A question for the Full Court was whether the land was “an instrument” of the offence for the purposes of s.7(1).
In the Criminal Assets Confiscation Act 2005 property is described as an “instrument” of an offence if it is:-
(i)used in, or in connection with the commission of an offence; …..
In the decision of the majority, Doyle, CJ discussed the question of what constituted use of land being an instrument of the offence pursuant to s.7(1).
The additional phrase “used in or in connection with” exists in the definition of “instrument” in s.7 of the Criminal Assets Confiscation Act and does not exist in s.90 of the Residential Tenancies Act. In R v Palombe (1989) 52 SASR 526 at 531-32 Cox, J discussed the wider meaning to be attributed to the use of that phrase (referred to by Doyle, CJ at para 57).
His Honour pointed out that the composite expression is one that has been frequently used and has been said to have a wide reach (para 58).
His Honour said at p263:
75There are a number of circumstances that lead me to the conclusion that the land was used in connection with the commission of the offence of producing cannabis.
76The offence was not merely committed on the land. It is in no sense an accident or coincidence that the offence was committed there, as it might be if a visitor called in and sold some cannabis while on the land. The shed provided a convenient and secure place to grow the cannabis, in particular because the use of the shed and of the land enabled access to electricity and water supplied to the land. Although only part of the land was used to grow cannabis, the part used (the area of the shed) cannot be regarded as trifling or insignificant. The use of the shed and of the land was temporary, but not momentary. The use of the shed and the land was not unplanned. I infer that the shed was chosen by Mr George as a suitable place to grow the cannabis.
77The use of the land facilitated and contributed to the commission of the offence. It was not just the place where the offence was committed. I have identified features that made the use of the land attractive to Mr George.
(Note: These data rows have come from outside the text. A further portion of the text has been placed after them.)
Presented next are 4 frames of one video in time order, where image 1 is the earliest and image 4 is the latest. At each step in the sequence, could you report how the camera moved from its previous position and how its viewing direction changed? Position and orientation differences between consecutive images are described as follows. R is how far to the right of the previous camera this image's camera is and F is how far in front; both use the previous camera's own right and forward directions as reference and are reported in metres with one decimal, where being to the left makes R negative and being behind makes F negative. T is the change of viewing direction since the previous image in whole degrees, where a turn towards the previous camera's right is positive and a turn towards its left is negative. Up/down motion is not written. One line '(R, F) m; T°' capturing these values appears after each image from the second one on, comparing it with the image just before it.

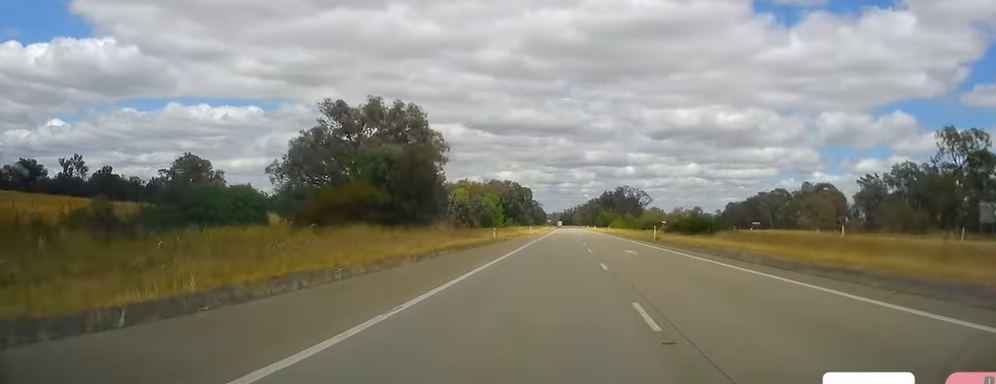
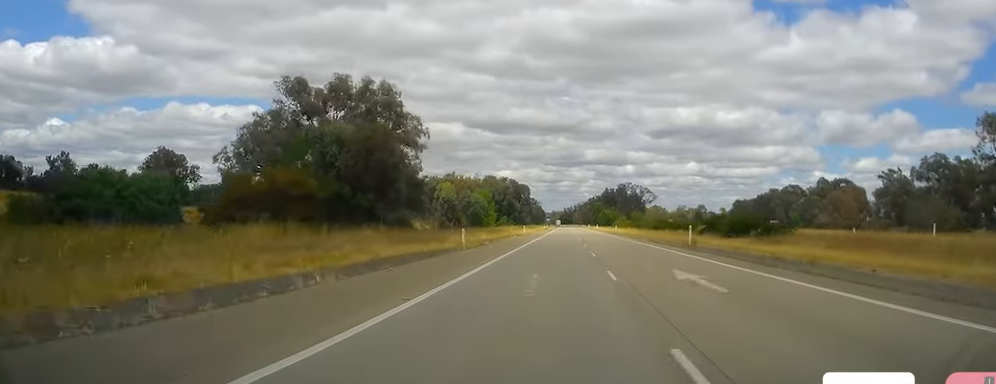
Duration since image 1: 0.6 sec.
(-0.2, +16.4) m; -1°
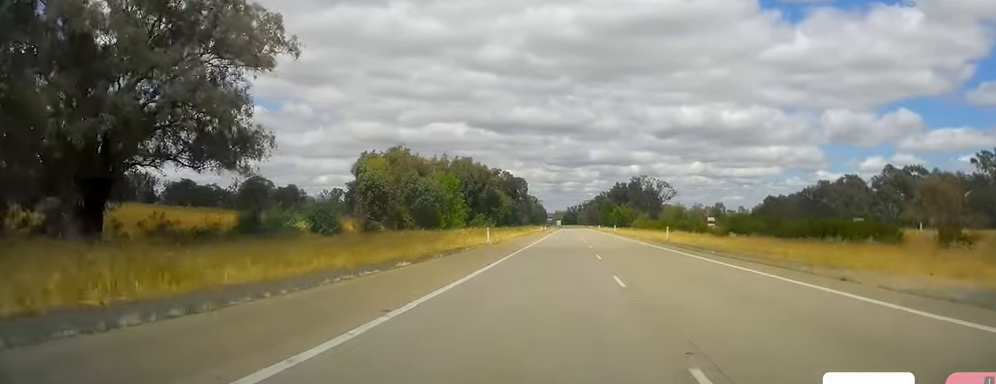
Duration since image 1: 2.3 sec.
(-0.6, +49.2) m; 0°
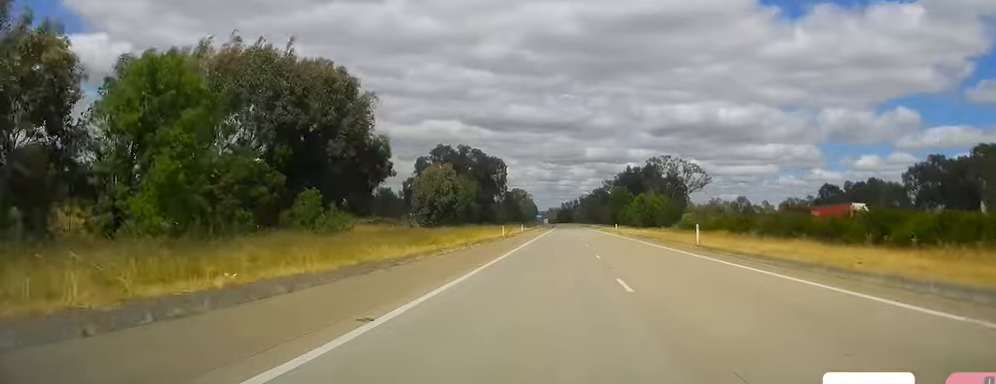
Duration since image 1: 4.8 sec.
(-0.4, +73.0) m; 0°

It accords with ordinary language to refer to the land as a means of growing cannabis, as a thing by which the growing of the crop was effected. In terms of the significance of the use, although it was temporary it was not momentary. The portion of the land that was used was not trifling or insignificant.
78Although, on those scant facts, the case lies close to the limits of the reach of the definition, I consider that it falls within it. Standing back, and bearing in mind the purpose of the CAC Act, it is not surprising that a person who grows cannabis hydroponically on land, or in a building on land, is found to be using the land in connection with the commission of the offence of growing the cannabis.
The Tribunal took into account the geographic dispersal within the premises of the illegal items and the lack of any ephemeral or fleeting nature of the production.
There is nothing before me to indicate that the Tribunal has wrongly directed itself as to the relevant criteria in determining the issues under s.90.
Given the factual findings (which have not been challenged) in my view the Tribunal was correct in coming to the conclusion that the appellant “used the premises or caused or permitted the premises to be used for an illegal purpose.
The premises were used because they gave cover to the illicit activity. It must have been an activity which occurred over a period of time. It must have been an activity which required the use of land space, storage space and protection from prying eyes. The premises were not merely incidental to the illegal purpose. The illegal purposes required the use of the premises.
In my view, the Tribunal was correct in its conclusion that the appellant had “used the premises for an illegal purpose”.[2]
[2] A90(1)(a) Residential Tenancies Act 1995
I have noted but not taken into account in reaching this decision that the appellant has now pleaded guilty to a criminal charge in connection with the issues relevant to this matter.
Orders
Accordingly, the appeal is dismissed.
The appellant is required to vacate the premises by 4.p.m. Friday 4 January 2013.